What to produce
Repeat the listing that follows without a single change.

Information

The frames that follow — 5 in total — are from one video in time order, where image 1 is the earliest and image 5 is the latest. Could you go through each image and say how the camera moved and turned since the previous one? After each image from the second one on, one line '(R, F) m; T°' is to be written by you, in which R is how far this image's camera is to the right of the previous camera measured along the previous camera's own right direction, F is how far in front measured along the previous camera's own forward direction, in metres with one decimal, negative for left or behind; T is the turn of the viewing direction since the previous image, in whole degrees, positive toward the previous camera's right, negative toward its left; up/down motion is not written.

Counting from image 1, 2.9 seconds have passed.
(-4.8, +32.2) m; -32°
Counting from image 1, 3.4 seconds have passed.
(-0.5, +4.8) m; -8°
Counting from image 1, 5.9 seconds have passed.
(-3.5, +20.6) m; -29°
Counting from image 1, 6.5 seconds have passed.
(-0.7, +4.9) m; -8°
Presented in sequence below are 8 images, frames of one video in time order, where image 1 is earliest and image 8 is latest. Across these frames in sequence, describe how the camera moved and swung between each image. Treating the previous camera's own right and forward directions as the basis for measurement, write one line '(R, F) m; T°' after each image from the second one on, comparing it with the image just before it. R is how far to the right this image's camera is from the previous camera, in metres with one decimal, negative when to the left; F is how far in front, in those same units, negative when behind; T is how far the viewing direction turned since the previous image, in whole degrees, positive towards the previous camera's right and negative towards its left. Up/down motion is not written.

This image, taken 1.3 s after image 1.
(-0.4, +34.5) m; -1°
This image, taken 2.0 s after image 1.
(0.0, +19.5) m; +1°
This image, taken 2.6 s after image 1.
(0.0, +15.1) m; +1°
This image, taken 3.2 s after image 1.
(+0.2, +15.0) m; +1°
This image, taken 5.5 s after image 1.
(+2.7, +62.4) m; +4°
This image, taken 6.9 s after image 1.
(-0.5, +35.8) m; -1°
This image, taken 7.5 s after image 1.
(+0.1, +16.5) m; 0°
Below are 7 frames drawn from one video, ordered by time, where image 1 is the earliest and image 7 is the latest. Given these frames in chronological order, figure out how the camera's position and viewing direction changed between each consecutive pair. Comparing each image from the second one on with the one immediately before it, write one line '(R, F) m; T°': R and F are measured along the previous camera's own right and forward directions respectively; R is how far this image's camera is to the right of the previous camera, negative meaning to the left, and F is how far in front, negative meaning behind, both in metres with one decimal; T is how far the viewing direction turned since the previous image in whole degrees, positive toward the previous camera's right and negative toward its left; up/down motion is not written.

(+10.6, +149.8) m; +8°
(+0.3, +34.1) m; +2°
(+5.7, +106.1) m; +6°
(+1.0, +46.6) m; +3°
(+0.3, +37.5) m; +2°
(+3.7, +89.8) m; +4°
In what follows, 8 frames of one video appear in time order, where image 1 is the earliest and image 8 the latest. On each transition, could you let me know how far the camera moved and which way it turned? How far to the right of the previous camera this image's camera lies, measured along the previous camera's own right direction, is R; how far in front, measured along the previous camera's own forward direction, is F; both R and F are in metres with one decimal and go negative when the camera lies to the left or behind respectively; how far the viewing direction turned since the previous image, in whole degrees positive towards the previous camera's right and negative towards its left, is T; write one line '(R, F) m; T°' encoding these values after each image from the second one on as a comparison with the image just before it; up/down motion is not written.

Solved exercise
The frames that follow — 5 in total — are from one video in time order, where image 1 is the earliest and image 5 is the latest. Could you go through each image and say how the camera moved and turned since the previous one? After each image from the second one on, one line '(R, F) m; T°' is to be written by you, in which R is how far this image's camera is to the right of the previous camera measured along the previous camera's own right direction, F is how far in front measured along the previous camera's own forward direction, in metres with one decimal, negative for left or behind; T is the turn of the viewing direction since the previous image, in whole degrees, positive toward the previous camera's right, negative toward its left; up/down motion is not written.

Counting from image 1, 2.9 seconds have passed.
(-4.8, +32.2) m; -32°
Counting from image 1, 3.4 seconds have passed.
(-0.5, +4.8) m; -8°
Counting from image 1, 5.9 seconds have passed.
(-3.5, +20.6) m; -29°
Counting from image 1, 6.5 seconds have passed.
(-0.7, +4.9) m; -8°
Presented in sequence below are 8 images, frames of one video in time order, where image 1 is earliest and image 8 is latest. Across these frames in sequence, describe how the camera moved and swung between each image. Treating the previous camera's own right and forward directions as the basis for measurement, write one line '(R, F) m; T°' after each image from the second one on, comparing it with the image just before it. R is how far to the right this image's camera is from the previous camera, in metres with one decimal, negative when to the left; F is how far in front, in those same units, negative when behind; T is how far the viewing direction turned since the previous image, in whole degrees, positive towards the previous camera's right and negative towards its left. Up/down motion is not written.

This image, taken 1.3 s after image 1.
(-0.4, +34.5) m; -1°
This image, taken 2.0 s after image 1.
(0.0, +19.5) m; +1°
This image, taken 2.6 s after image 1.
(0.0, +15.1) m; +1°
This image, taken 3.2 s after image 1.
(+0.2, +15.0) m; +1°
This image, taken 5.5 s after image 1.
(+2.7, +62.4) m; +4°
This image, taken 6.9 s after image 1.
(-0.5, +35.8) m; -1°
This image, taken 7.5 s after image 1.
(+0.1, +16.5) m; 0°
Below are 7 frames drawn from one video, ordered by time, where image 1 is the earliest and image 7 is the latest. Given these frames in chronological order, figure out how the camera's position and viewing direction changed between each consecutive pair. Comparing each image from the second one on with the one immediately before it, write one line '(R, F) m; T°': R and F are measured along the previous camera's own right and forward directions respectively; R is how far this image's camera is to the right of the previous camera, negative meaning to the left, and F is how far in front, negative meaning behind, both in metres with one decimal; T is how far the viewing direction turned since the previous image in whole degrees, positive toward the previous camera's right and negative toward its left; up/down motion is not written.

(+10.6, +149.8) m; +8°
(+0.3, +34.1) m; +2°
(+5.7, +106.1) m; +6°
(+1.0, +46.6) m; +3°
(+0.3, +37.5) m; +2°
(+3.7, +89.8) m; +4°
In what follows, 8 frames of one video appear in time order, where image 1 is the earliest and image 8 the latest. On each transition, could you let me know how far the camera moved and which way it turned? How far to the right of the previous camera this image's camera lies, measured along the previous camera's own right direction, is R; how far in front, measured along the previous camera's own forward direction, is F; both R and F are in metres with one decimal and go negative when the camera lies to the left or behind respectively; how far the viewing direction turned since the previous image, in whole degrees positive towards the previous camera's right and negative towards its left, is T; write one line '(R, F) m; T°' encoding these values after each image from the second one on as a comparison with the image just before it; up/down motion is not written.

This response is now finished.